Quick fix, depending on what size u have, u could try using one 3/8 x3/8 or 1/2 x 1/2 inch flexible supply hose, tighten one end to the hot, the other end to the cold. That should stop drip temporarily. U need one with a 3/8 or 1/2 inch on each end to screw onto supply valve. Assuming it's a screw type. Should be able to pick one up at lowes, hd or plumbing supply store.

link here

Big N8 03-27-2013 12:20 PM

If they are still dripping after you shut them off it may be time to replace them. shut off the water remove them and put a temp sharkbite cap on. This can get you through construction without worry of leaking or damaging a new valve. Then when you go to install your new vanity/ valve you can just shut off the water and remove the sharkbite fitting (they are 100% reusable so don't toss them out) and install a new valve and your supply line to the fixture.

TheEplumber 03-27-2013 12:38 PM

199 Attachment(s)
You can buy angle stop caps to use as a temporary fix- either 3/8" or 1/2"
Once your plumber gets there have him verify all the valves are in good working condition

Ghostmaker 03-27-2013 07:55 PM

Are we dealing with threaded pipe? If so turn off house water get 2 brass nipples and caps usually 3/8 inch nipples and drain water out then unscrew pipe dope the new and screw it in...

nowwhatnapster 03-31-2013 09:52 PM

Thank you for all the replies. I wasn't able to take photos until now. So here they are, I'll walk through the valves in order.
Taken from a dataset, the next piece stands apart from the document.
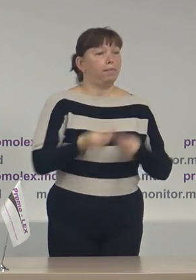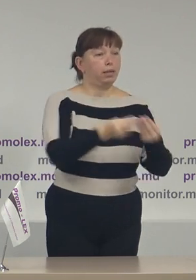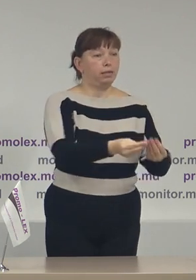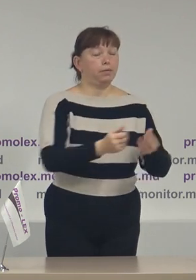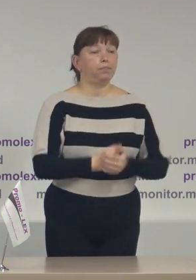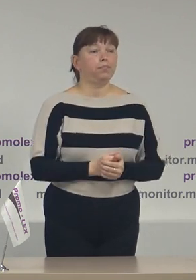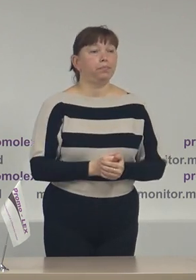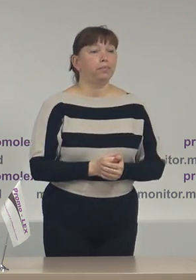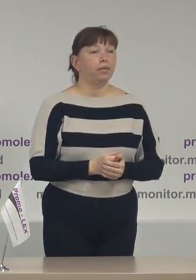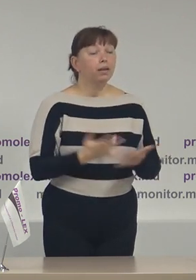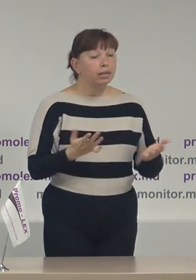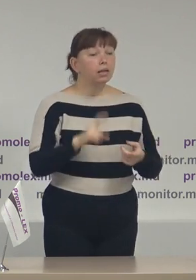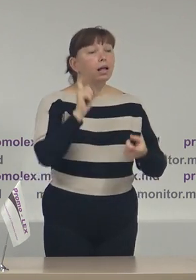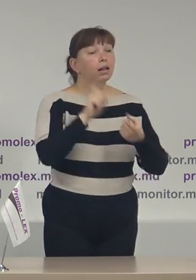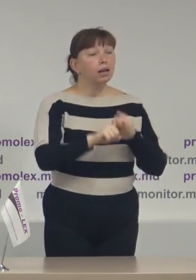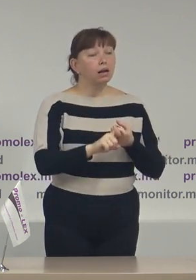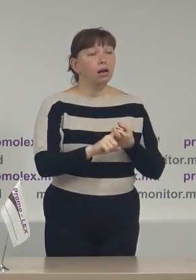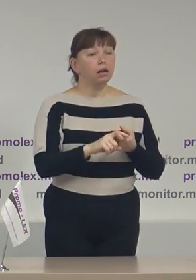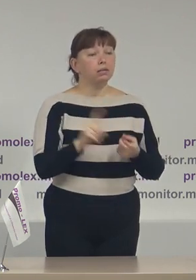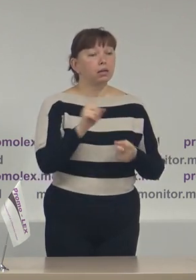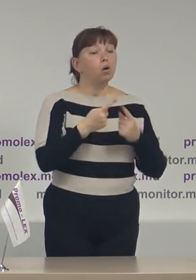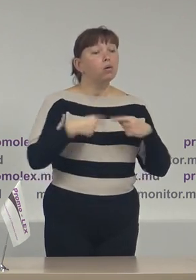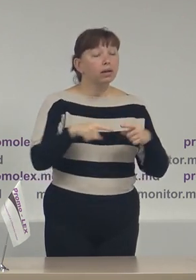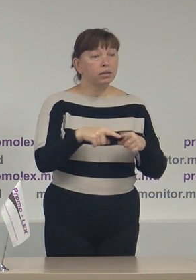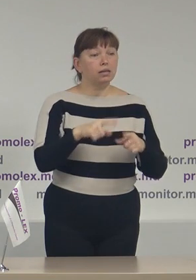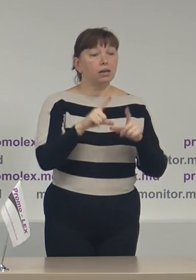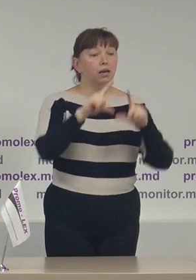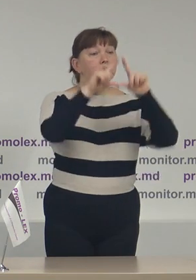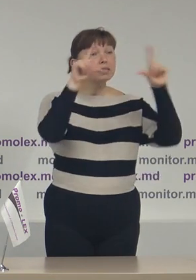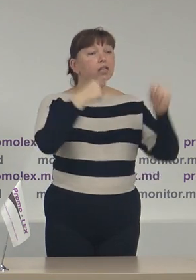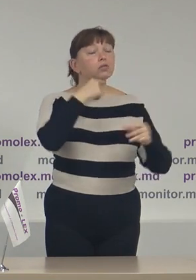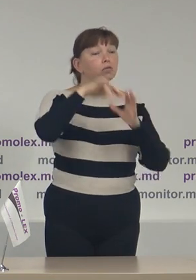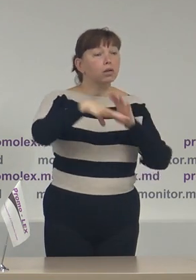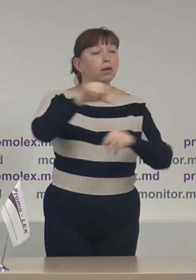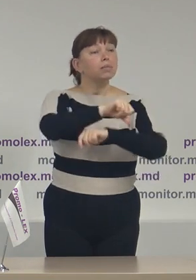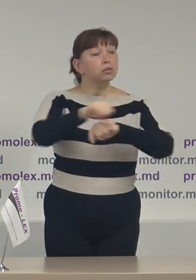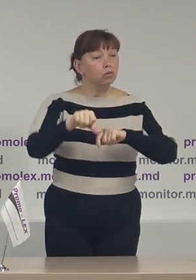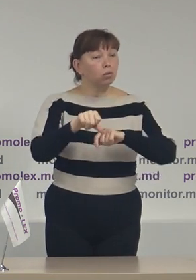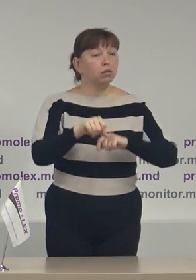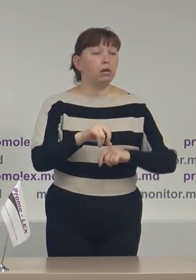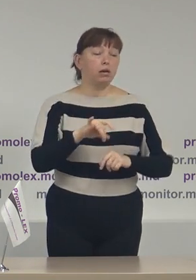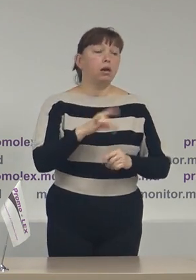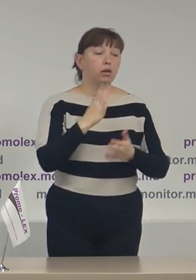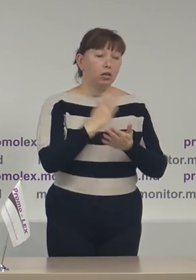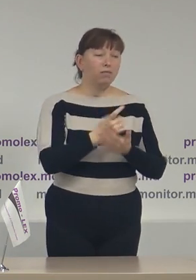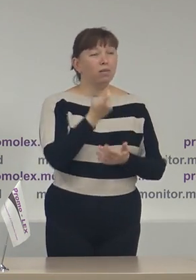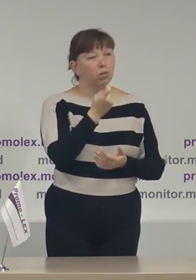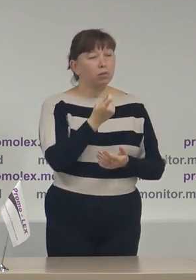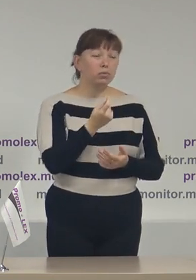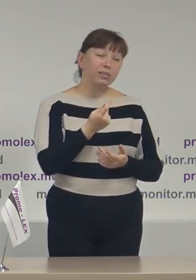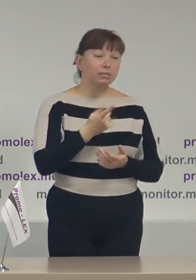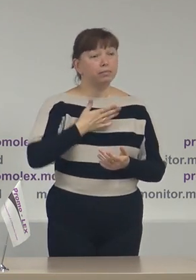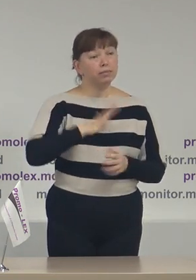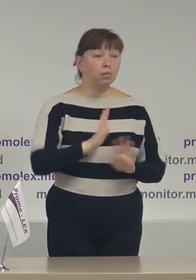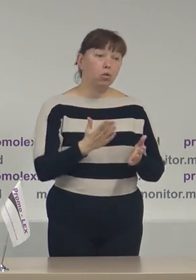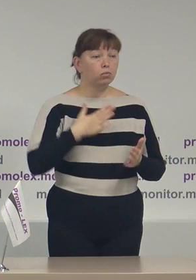Dar, legat de organizarea secțiilor de votare pe stihotare venim și cu un aspect mai puțin plăcut din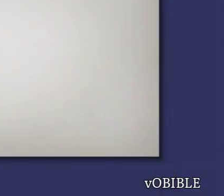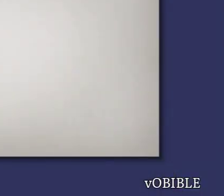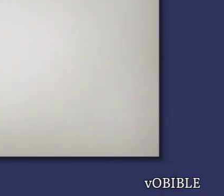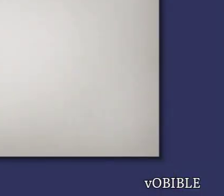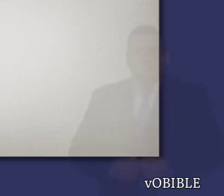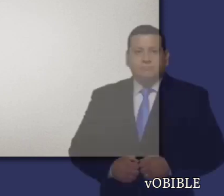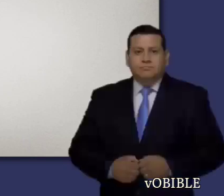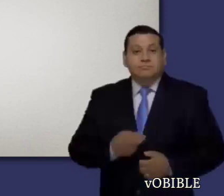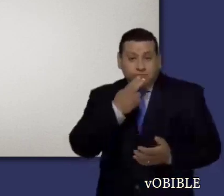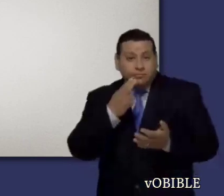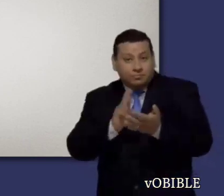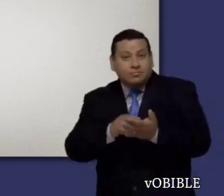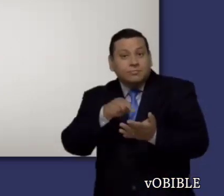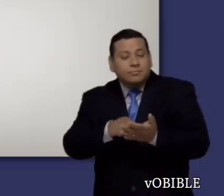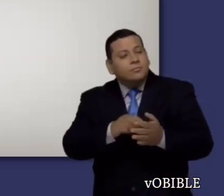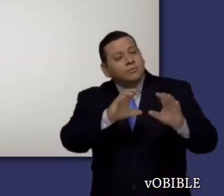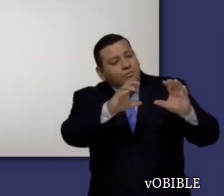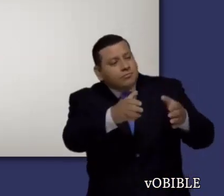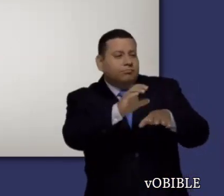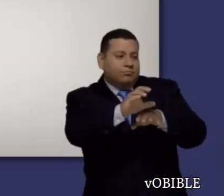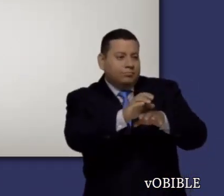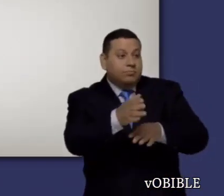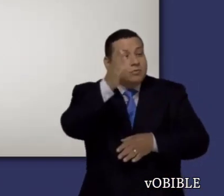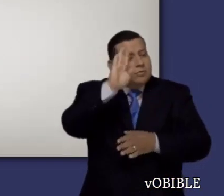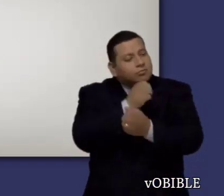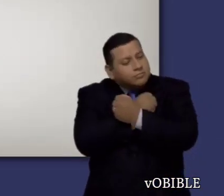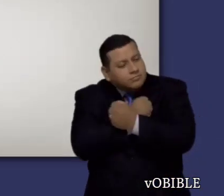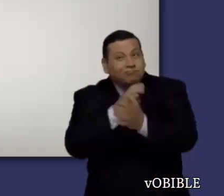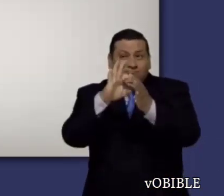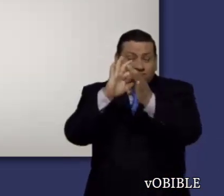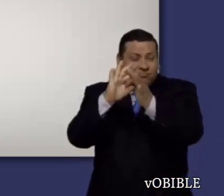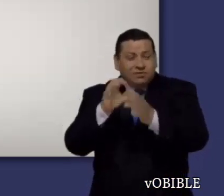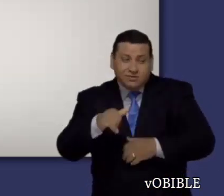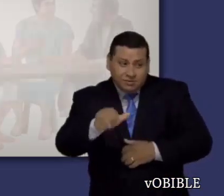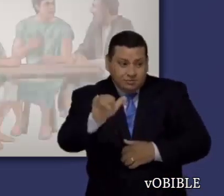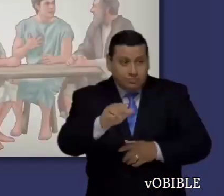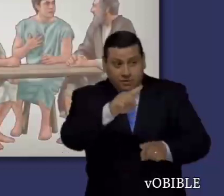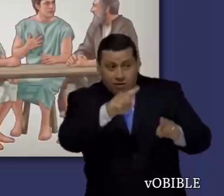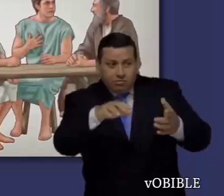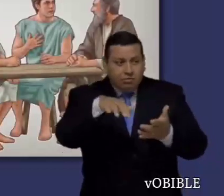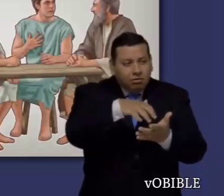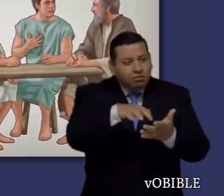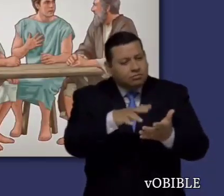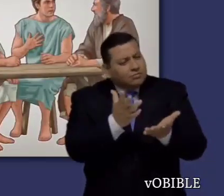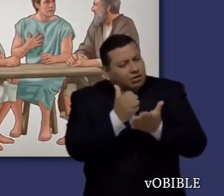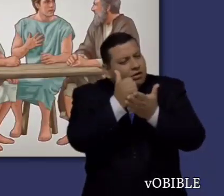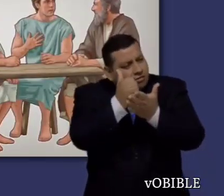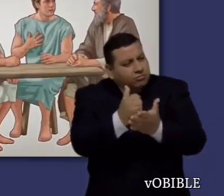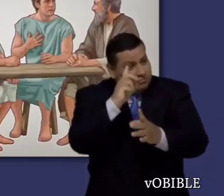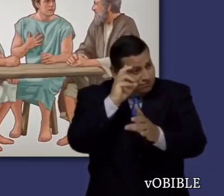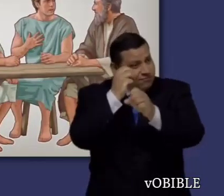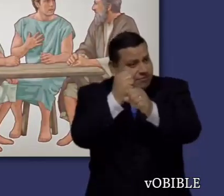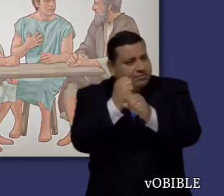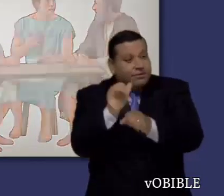Judas termina su carta pidiendo a sus hermanos que se mantengan en el amor de Dios, que les tengan misericordia a

First up, the sink shut off valves that I want to cap so I can remove the sink and continue demo of bath. With the assistance of PB Blaster I was able to close these valves 99% of the way.
Next in line are below the tub. They control the whole bathroom and laundy/2nd bath in the basement. I attempted to close these today. The corroded one (hot) I barely touched and noticed the glisten of water start to come out around the stem. The (cold) was turning well until it too started leaking at the stem. I was afraid turning the valves more would create a big leak so I stopped.
Next in line for (hot) are before and after the hot water heater. I did not try these yet.
Next in line for (hot) and (cold) is right before the water meter and right after (main shut off). I have not tried either of these yet.

jmon 04-01-2013 10:43 AM

Yea, I wouldn't touch those other gate valves until u can get a plumber out there to replace them with ball valves. There probably not going to work either. Nice pictures by the way.

So your main concern right now is u want to cap those sink supply lines (first 2 pictures) to stop the dripping so u can finish your demo., and then plumber will replace bad valves at a latter time. As suggested above, they sell threaded 3/8 and 1/2 caps. Be careful, they look rusted out really bad and looks like someone put heat on them at one time.

Stay tuned, let's see what the pro's say.

jagans 04-01-2013 12:17 PM

Turn off the water main. Remove or simply cut off sink supplies. Put a pipe wrench on the stub outs and remove valves and dispose of them. remove Escutcheons, and cap pipes May be 3/8 May be 1/2 inch. Do your wall work.
Replace supply valves under sink with new bath remodel.

That tile is probably set in mud, done the right way.

Most of the valves you have shown are globe valves, not gate valves, and have rubber washers. You can remove the secondary valves if you have supplies below the sink. If you want to retain them, replace with ball valves.